Pathogen-free male Long-Evans rats (250–300 g) (Harlan Sprague-Dawley, Indianapolis, IN) were subjected to ALI as previously described [5,6,35]. Rabbit polyclonal immunoglobulin G anti-bovine serum albumin (BSA; 2.5 mg, MP-Biomedics, Solon, OH) was injected intratracheally in 0.3 ml of phosphate buffered saline(PBS), pH 7.4. Immediately thereafter, 10 mg of BSA (Sigma-Aldridge, St Louis, MO) with 250 μg of fluorescein (FITC)-BSA (Invitrogen, Carlsbad, California) in 0.5 ml of PBS were injected intravenously. In control rats, 0.3 ml saline was administered intratracheally while 10 mg of BSA in 0.5 ml of PBS with trace amount of FITC-BSA (0.25 mg/50 μl) was injected intravenously. Four hours after initiation of IC-induced ALI, rats were administered isofluorane 3%-5% by inhalation and were administered ketamine/xylazine, 80/10 mg/kg prior to exsanguination and thoracotomy. Animal care was performed following the National Institute of Health guidelines. Animal studies were approved by the University of Louisville (Louisville, KY) Institutional Animal Care and Use Committee.

Intervention studies

For intervention studies, 1 mg/kg of baclofen was instilled intratracheally 2 hours after initiation of lung injury, while saline was administered to control animals.
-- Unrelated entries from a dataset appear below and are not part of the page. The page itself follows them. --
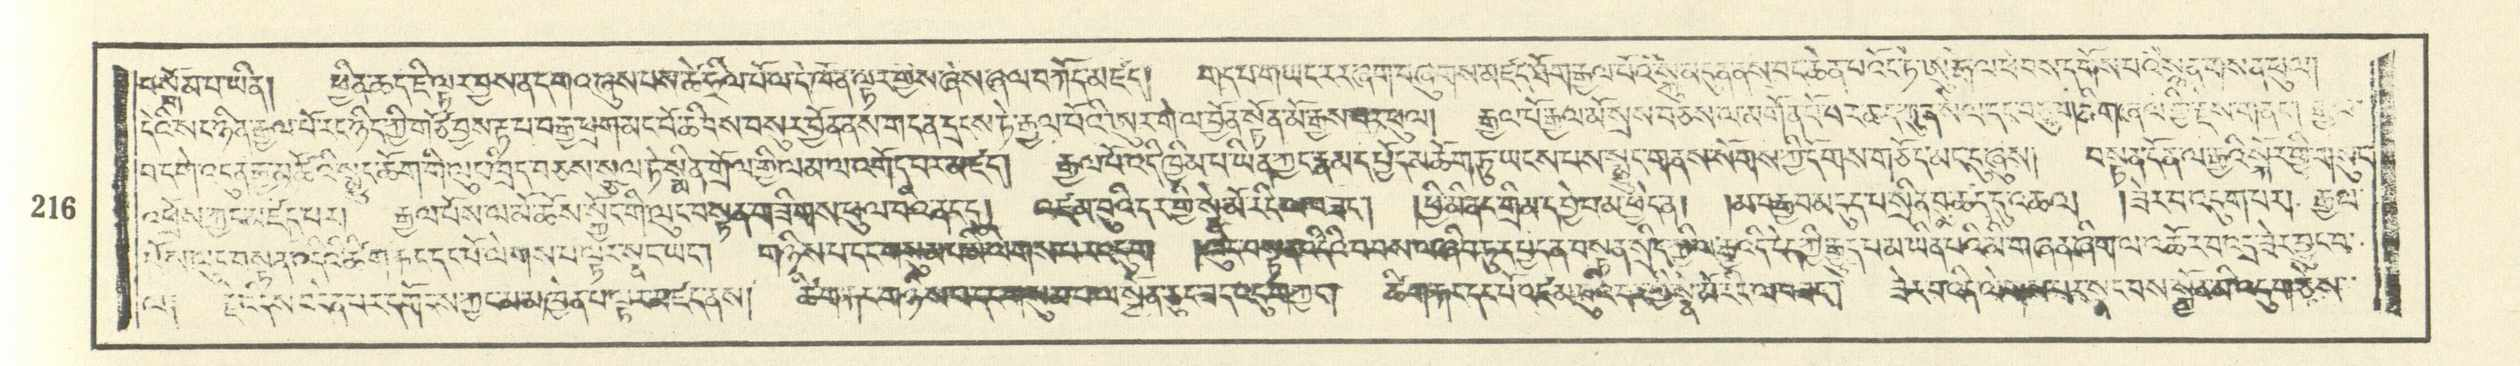བསྒོམ་པ་ཡིན། ཕྱིན་ཆད་ཇི་ལྟར་བྱས་ན་དགའ་ཞུས་པས་ཚེ་ཧྲིལ་པོ་ལ་དེ་ཁོ་ན་ལྟར་གྱིས་ཞེས་ཞལ་བཀོད་མཛད། གད་པ་གཡང་རར་ཞག་བཞུགས་མཛད་ཐོག་རྒྱལ་པོའི་སྐུ་མདུན་ནས་བང་ཆེན་པ་འོང་ཏེ་ཨུ་རྒེ་ལ་ཕེབས་དགོས་པའི་སྙན་གསན་ཕུལ།
དེའི་སང་ཉིན་རྒྱལ་པོ་རང་ཉིད་ཀྱི་གཙོ་བྱས་རྟ་པ་བརྒྱ་ཕྲག་མང་པོ་ཆིབས་བསུར་བྱོན་ནས་གདན་དྲངས་ཏེ་རྒྱལ་པོའི་ཨུར་གེ་ལ་བྱོན་སྟོན་མོ་རྒྱས་པར་ཕུལ། རྒྱལ་པོ་རྒྱལ་མོ་སྲས་བཅས་ལ་མགོན་པོ་བར་ཆད་ཀུན་སེལ་དང་བཅུ་གཅིག་ཞལ་གྱི་རྗེས་གནང་། རྒྱལ་
བ་དགེ་འདུན་རྒྱ་མཚོའི་སྨྱུང་ཆོག་གི་ལུང་ཁྲིད་བཅས་སྩལ་ཏེ་སྨིན་གྲོལ་གྱི་ལམ་ལ་འགོད་པར་མཛད། རྒྱལ་པོ་འདི་ཁྱིམ་པ་ཡིན་ཀྱང་རྣམ་དཔྱོད་མཆོག་ཏུ་ཡངས་པས་སྨྱུང་གནས་སོགས་ཀྱི་དོགས་གཅོད་མང་དུ་ཞུས། བསྟན་དོན་ལ་རྒྱའི་སྐོར་གྱི་གསུང་
འཕྲོས་ཀྱང་མཛད་པར། རྒྱལ་པོས་ལ་མོ་ཆོས་སྐྱོང་གི་ལུང་བསྟན་གཟིགས་ཕུལ་བའི་ནང་དུ། འཛམ་བུའི་དར་གྱི་སྣེ་མོ་རིང་ལ་བཟང་། །ཕྱི་མི་ནང་གྲིམ་དབྱེ་བ་མ་ཕྱེད་ན། །མ་བརྒྱ་བ་མདུད་པ་སྲིན་བུ་ཚད་དུ་འཆའ། །ཟེར་བ་འདུག་པར། རྒྱལ་
པོས་ལུང་བསྟན་འདིའི་ཚིག་རྐང་དང་པོ་ལེགས་པ་ལྟར་སྣང་ཡང་། གཉིས་པ་དང་གསུམ་པ་མི་ལེགས་པར་འདུག །ལུང་བསྟན་འདིའི་བབས་ལ་ཞིབ་ཏུ་དཔྱད་ན་བསྟན་སྲིད་ཀྱི་ལ་རྒྱ་འདི་ངེད་ཀྱི་རྒྱུད་པ་མ་ཡིན་པའི་མི་གཞན་ཞིག་ལ་འཆོར་བ་འདྲ་ཟེར་བྱུང་བ་
ལ༑ རྗེ་འདིས་བདེན་པར་དགོངས་ཀྱང་མ་མཁྱེན་པ་ལྟར་མཛད་ནས། ཚིག་རྐང་གཉིས་པ་དང་གསུམ་པ་ལ་སྐྱོན་ཅུང་ཟད་འདུག་ཀྱང་། ཚིག་རྐང་དང་པོ་འཛམ་བུའི་དར་གྱི་སྣེ་མོ་རིང་ལ་བཟང་། ཟེར་བ་འདི་ལེགས་པར་སྣང་བས་སྐྱོན་མི་འདུག་ཅེས་

In separate experiments involving GABABR antagonist, CGP52432, 1 mg/kg was instilled intratracheally 1 h prior to subjecting animals to ALI. Two hours after initiation of ALI, animals were then treated with saline or 1 mg/kg baclofen, and after 2 additional hours animals were sacrificed for collection of lung tissue.

Collection of bronchoalveolar lavage fluid (BALF)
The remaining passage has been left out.